Breast cancers can look and behave very differently. Understanding why and how they do so is key to designing more tailored therapies for patients and sparing them unnecessary treatments.

In a new study published by the Journal of Pathology, Dr Matt Smalley from Cardiff University treads new ground in exploring what drives breast cancers to look and behave so differently from one another.

"The ultimate aim of this research is to be able to take a more personalised approach to medicine," said Dr Smalley from Cardiff University's European Cancer Stem Cell Research Institute. "We hope that in doing so, patients get the therapy best suited to their variety of breast cancer and avoid unnecessary treatment.

"To understand what might be influencing the differences between individual breast cancers, we have used two different genetically modified mouse models in which breast cancers originate in different cell types in each model, by means of a genetic 'trick'," he explained.

"In one part of the study, we created the same cancer-predisposing genetic errors in each of the two cell types. In another part, we created different genetic errors in the same cell type. We then asked whether the tumour types which occurred varied more strongly in their appearance depending on the cells in which they developed, or the genetic errors that caused the cancers, or both."

Dr Smalley continued: "We found that for cells originating in one of the cell types, so-called 'basal' cells, the cancers appeared the same no matter the genetic error, suggesting that in this case the cell of origin was dominant in determining how the cancer formed. However, the cancers that appeared from this cell type resembled a very rare form of human breast cancer, so these cells are probably not relevant to the majority of human cases.

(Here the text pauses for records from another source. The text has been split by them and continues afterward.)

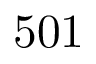
5 0 1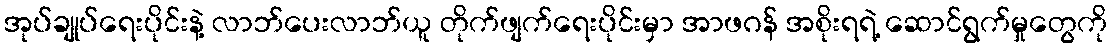
အုပ်ချုပ်ရေးပိုင်းနဲ့ လာဘ်ပေးလာဘ်ယူ တိုက်ဖျက်ရေးပိုင်းမှာ အာဖဂန် အစိုးရရဲ့ ဆောင်ရွက်မှုတွေကို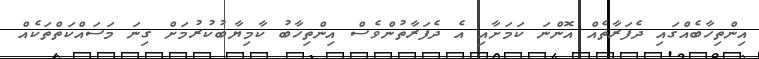
އިންތިހާބެއްގައި ދެފަރާތެއް އޮންނަ ކަމަށާއި އެ ދެފަރާތުންވެސް އިންތިހާބު ކާމިޔާބުކުރުމަށް ގިނަ މަސައްކަތްތަކެއް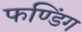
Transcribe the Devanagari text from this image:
फण्डिंग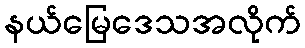
နယ်မြေဒေသအလိုက်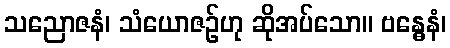
သညောဇနံ၊ သံယောဇဉ်ဟု ဆိုအပ်သော။ ဗန္ဓေနံ၊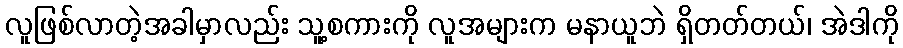
လူဖြစ်လာတဲ့အခါမှာလည်း သူ့စကားကို လူအများက မနာယူဘဲ ရှိတတ်တယ်၊ အဲဒါကို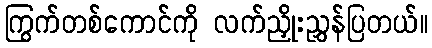
ကြွက်တစ်ကောင်ကို လက်ညှိုးညွှန်ပြတယ်။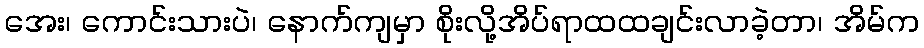
အေး၊ ကောင်းသားပဲ၊ နောက်ကျမှာ စိုးလို့အိပ်ရာထထချင်းလာခဲ့တာ၊ အိမ်က

"In contrast, for tumours originating in so-called 'estrogen receptor negative luminal cells', the appearance of the cancers varied depending on the genetic errors used to generate them.

"Remarkably, some of the cancers that formed resembled common human breast cancer types including both estrogen receptor negative and positive disease. We had previously shown this cell type to be the likely origin of Brca1-associated and other aggressive estrogen receptor negative breast cancers.

"Our findings now suggest the same cells are also the origin of aggressive estrogen receptor positive cancers as well. These results add to our understanding of the origins of breast cancer diversity and emphasise the importance of understanding the biology of this cell type to better understand how breast cancer develops."

The research, spearheaded by Dr Smalley from the European Cancer Stem Cell Research Institute at Cardiff University and conducted in collaboration with colleagues from Spain, Brazil and the UK, was funded by Breakthrough Breast Cancer and Cancer Research UK.

Richard Francis, Senior Manager Research Insight at Breakthrough Breast Cancer, said: "Understanding the biology of breast cancer is essential for the future development of new ways to treat and prevent this disease.

"We know that breast cancer is a mixture of many different subtypes and this work goes towards explaining how these arise. Ultimately this information will help the development of precision medicine, where each patient receives the treatment that will benefit them."

Nell Barrie, Senior Science Information Manager at Cancer Research UK, said: "Our scientists have already helped re-define how we view cancer - showing that breast cancer is at least 10 different diseases, each with its own molecular fingerprint and weak spots. This research takes us one step closer to understanding why we see so much diversity in breast cancer, and will help expose each cancer's weakness so we can develop more effective and kinder treatments."

"The hope is that this paper will become a standard work of reference for mouse breast cancer research as there is currently no other benchmark for this type of work," concluded Dr Smalley. "It shows the quality of output from the European Cancer Stem Cell Research Institute as world leaders in analysis of mouse tumour models."